[Opening RECORDED DATA section]

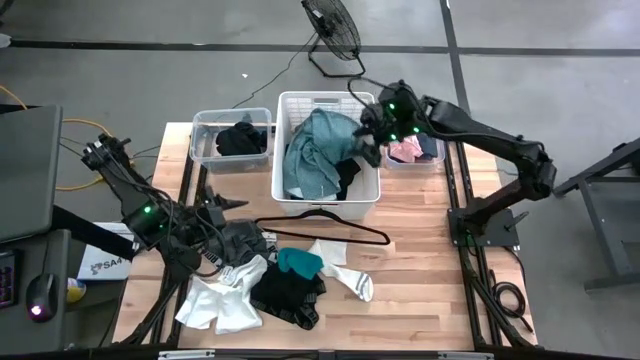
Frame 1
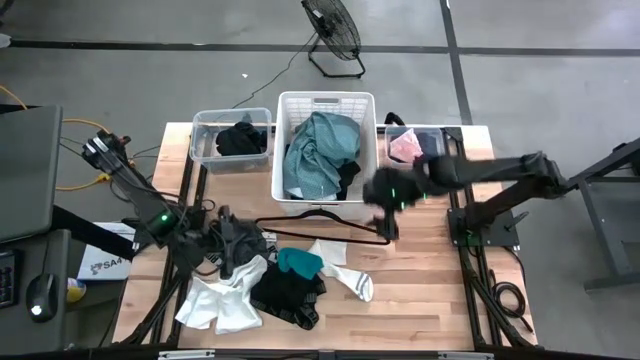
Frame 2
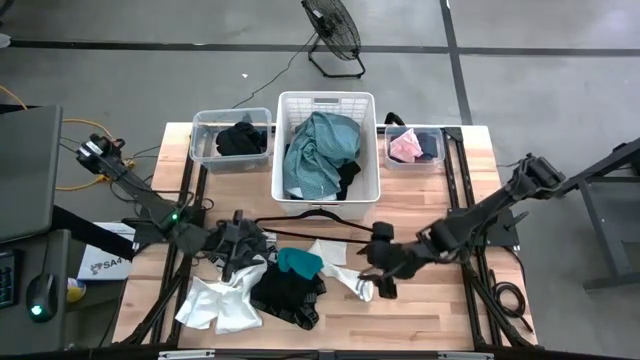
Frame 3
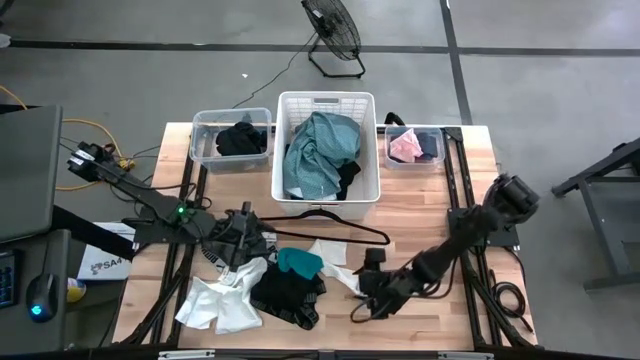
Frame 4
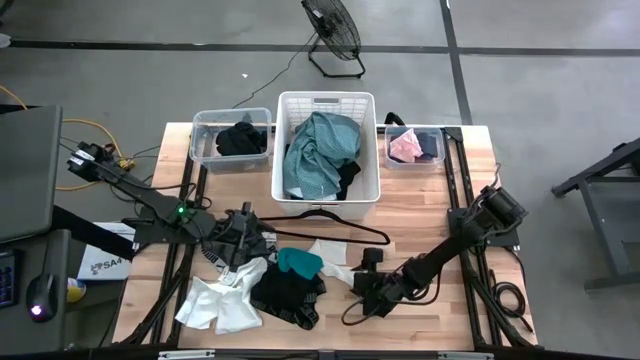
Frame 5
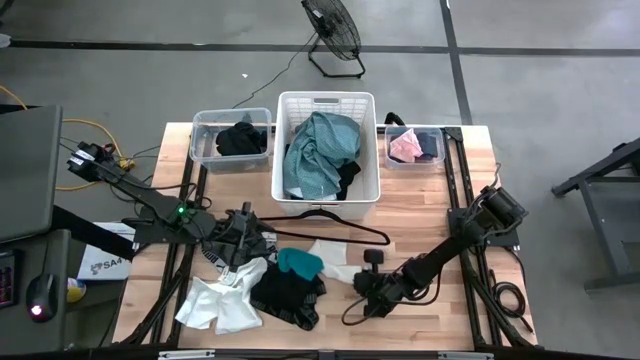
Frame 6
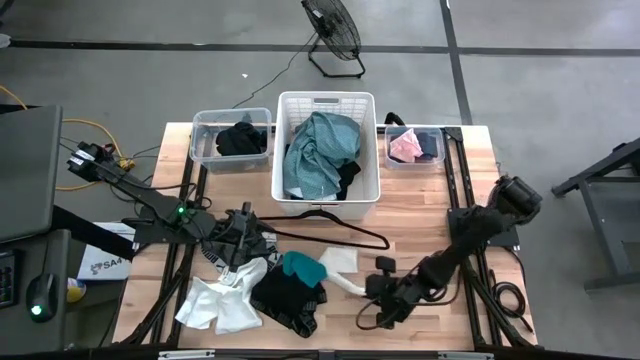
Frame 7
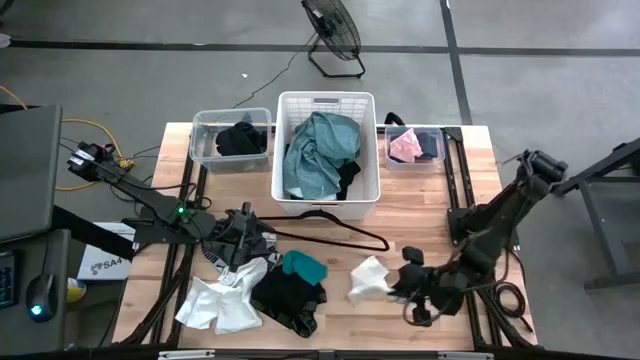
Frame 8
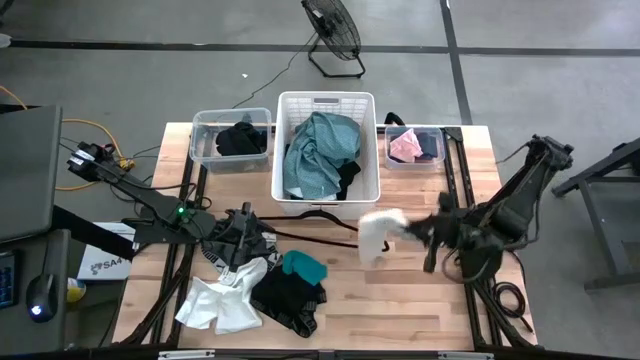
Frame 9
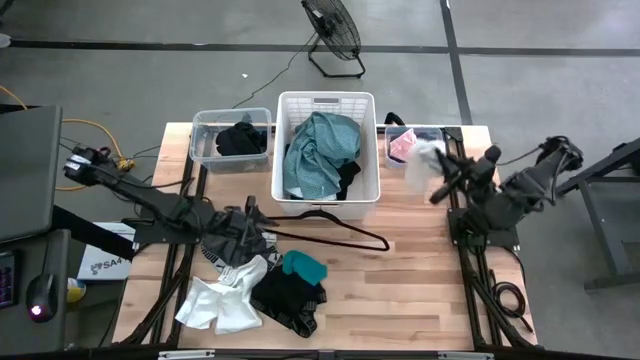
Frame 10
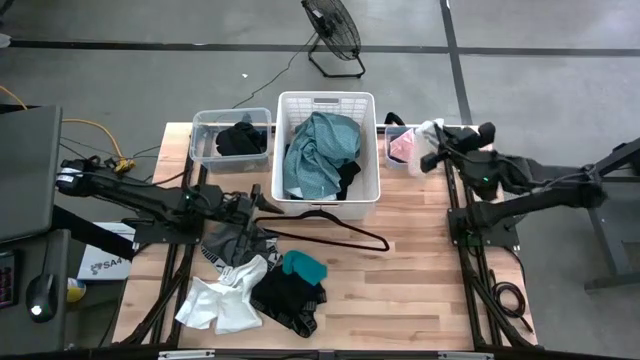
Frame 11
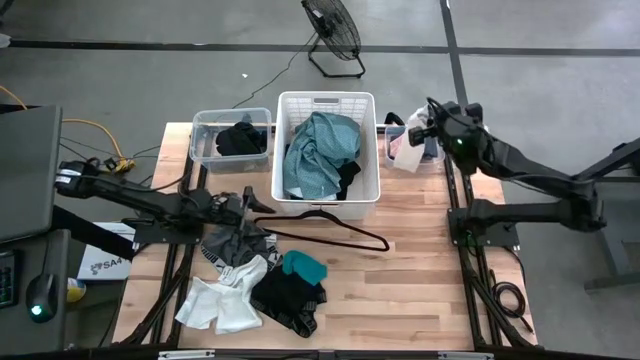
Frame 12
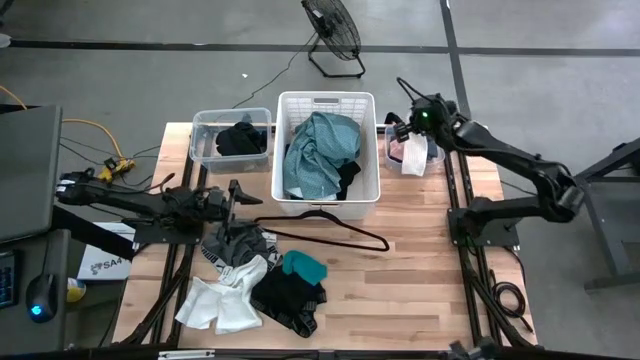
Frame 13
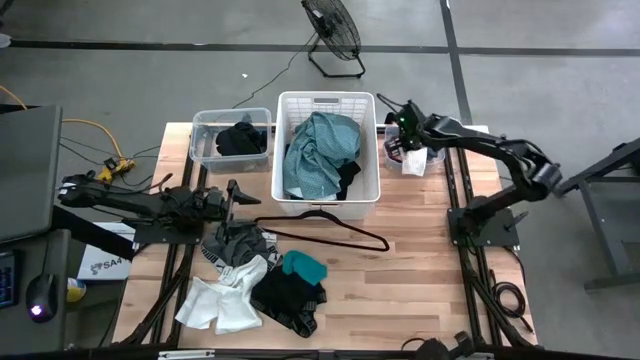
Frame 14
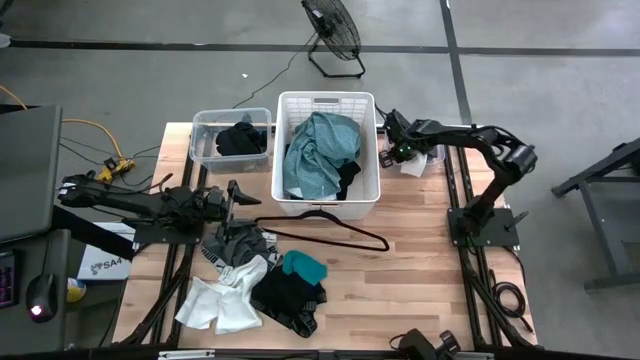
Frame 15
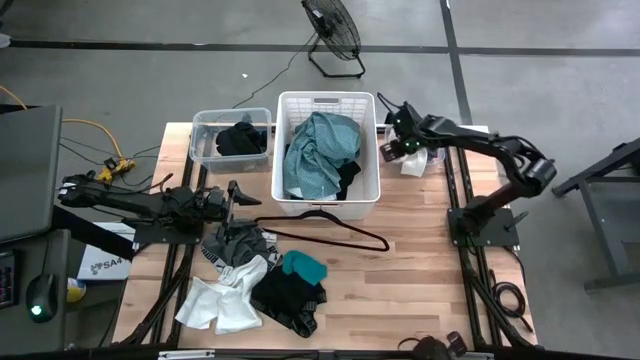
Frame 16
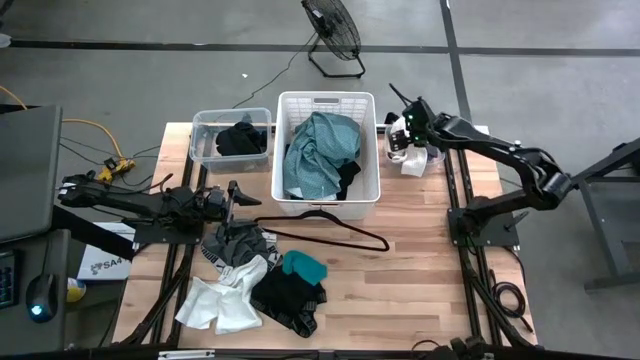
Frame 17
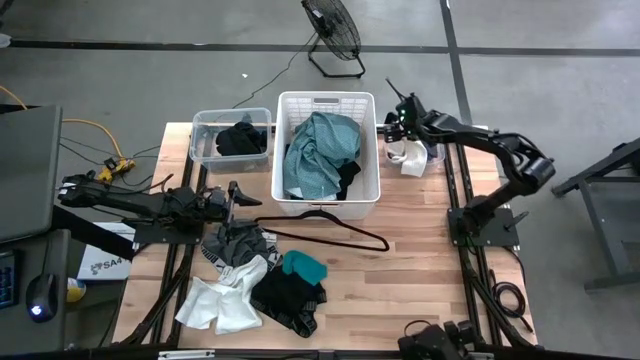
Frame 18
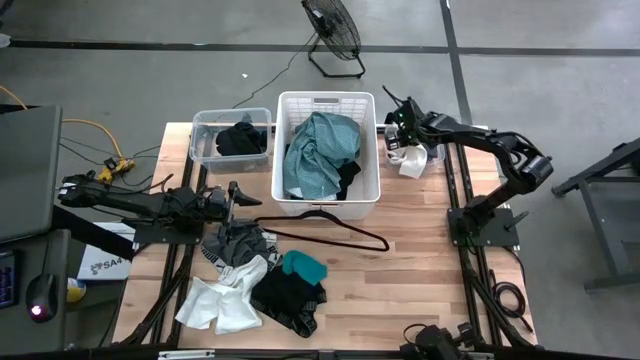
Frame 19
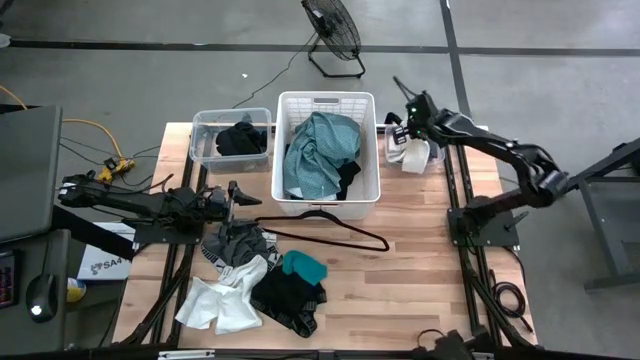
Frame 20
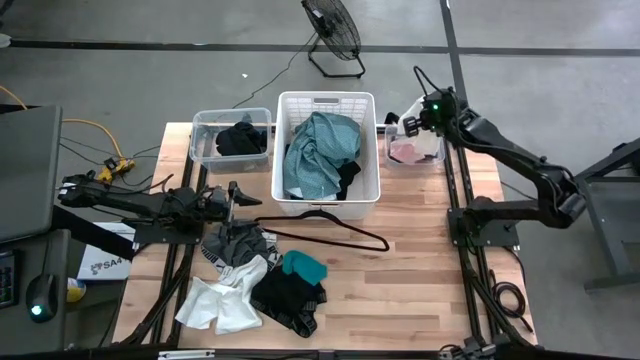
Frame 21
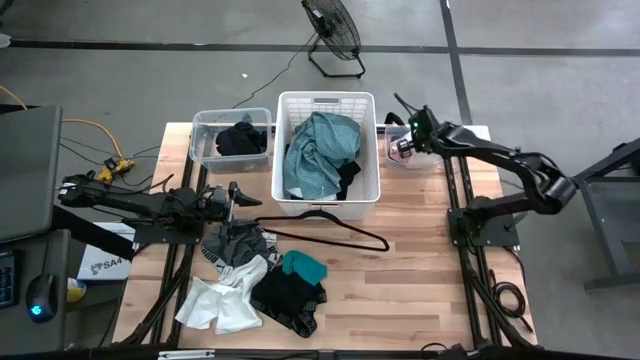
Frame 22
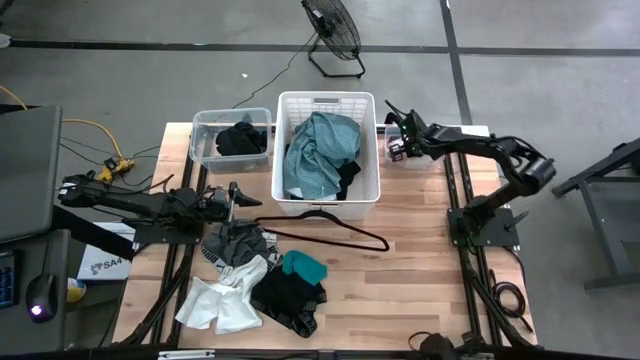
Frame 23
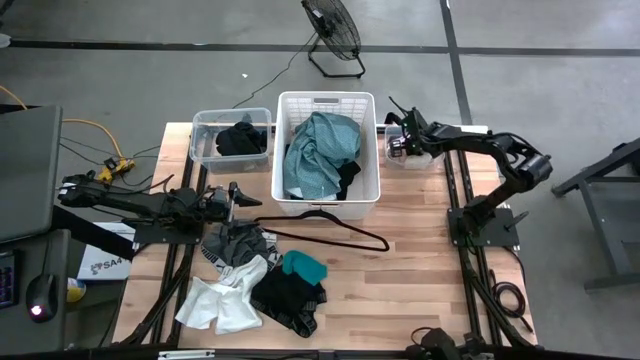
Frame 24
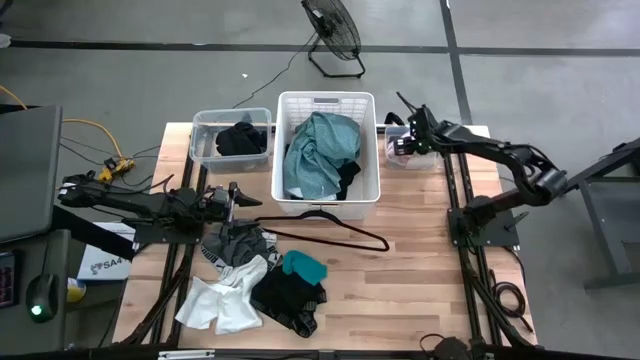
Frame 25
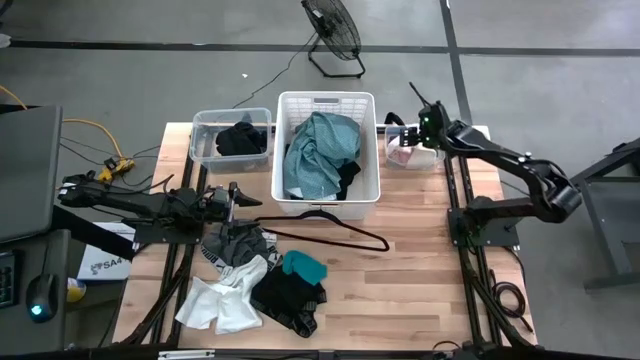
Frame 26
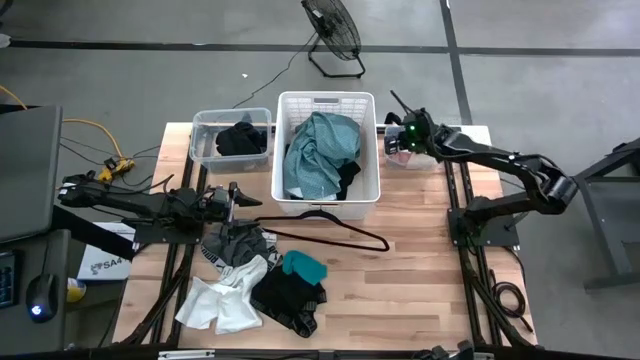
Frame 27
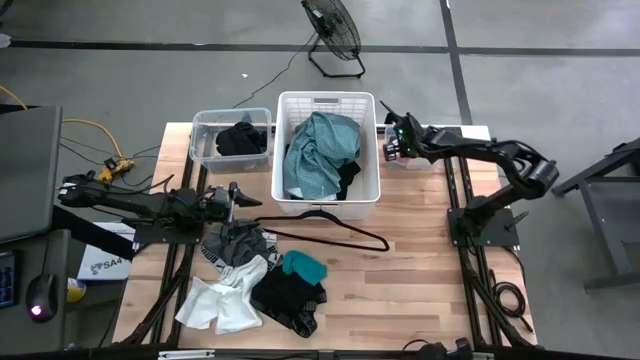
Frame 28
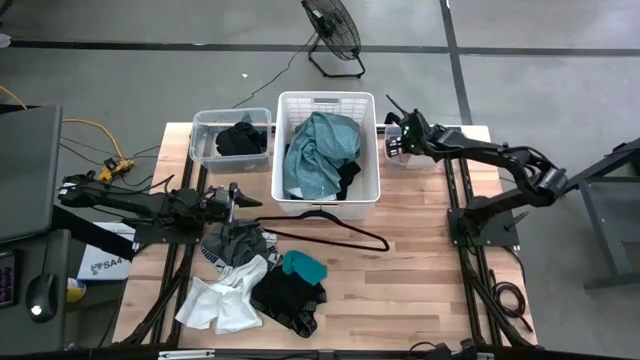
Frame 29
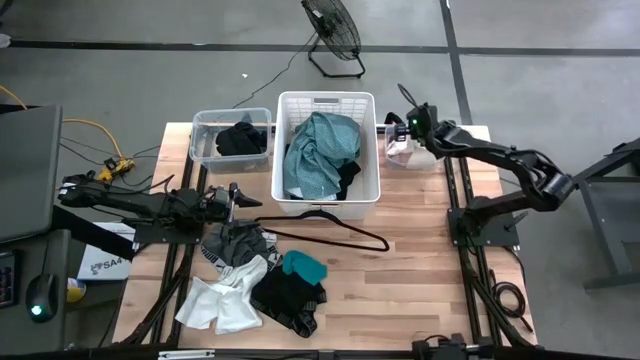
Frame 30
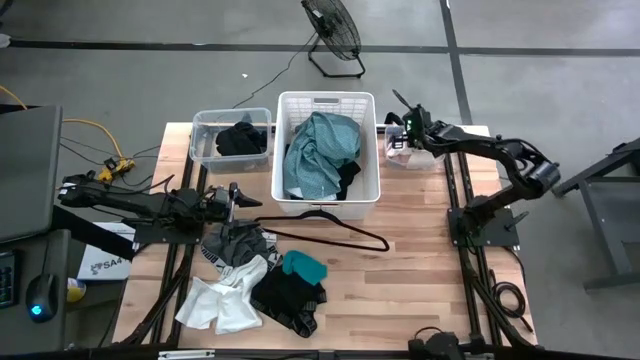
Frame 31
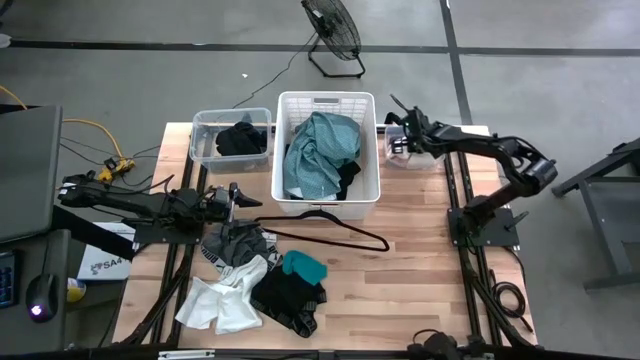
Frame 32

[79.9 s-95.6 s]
Task: Pick & Place Cloths
Put the white sock into the right transparent bin

[Closing RECORDED DATA section]

» WORK INSTRUCTIONS:
Return an exact transcription of the entries above, excluding each image.

» RESULT OF THIS TASK:
Frame 1
Frame 2
Frame 3
Frame 4
Frame 5
Frame 6
Frame 7
Frame 8
Frame 9
Frame 10
Frame 11
Frame 12
Frame 13
Frame 14
Frame 15
Frame 16
Frame 17
Frame 18
Frame 19
Frame 20
Frame 21
Frame 22
Frame 23
Frame 24
Frame 25
Frame 26
Frame 27
Frame 28
Frame 29
Frame 30
Frame 31
Frame 32

[79.9 s-95.6 s]
Task: Pick & Place Cloths
Put the white sock into the right transparent bin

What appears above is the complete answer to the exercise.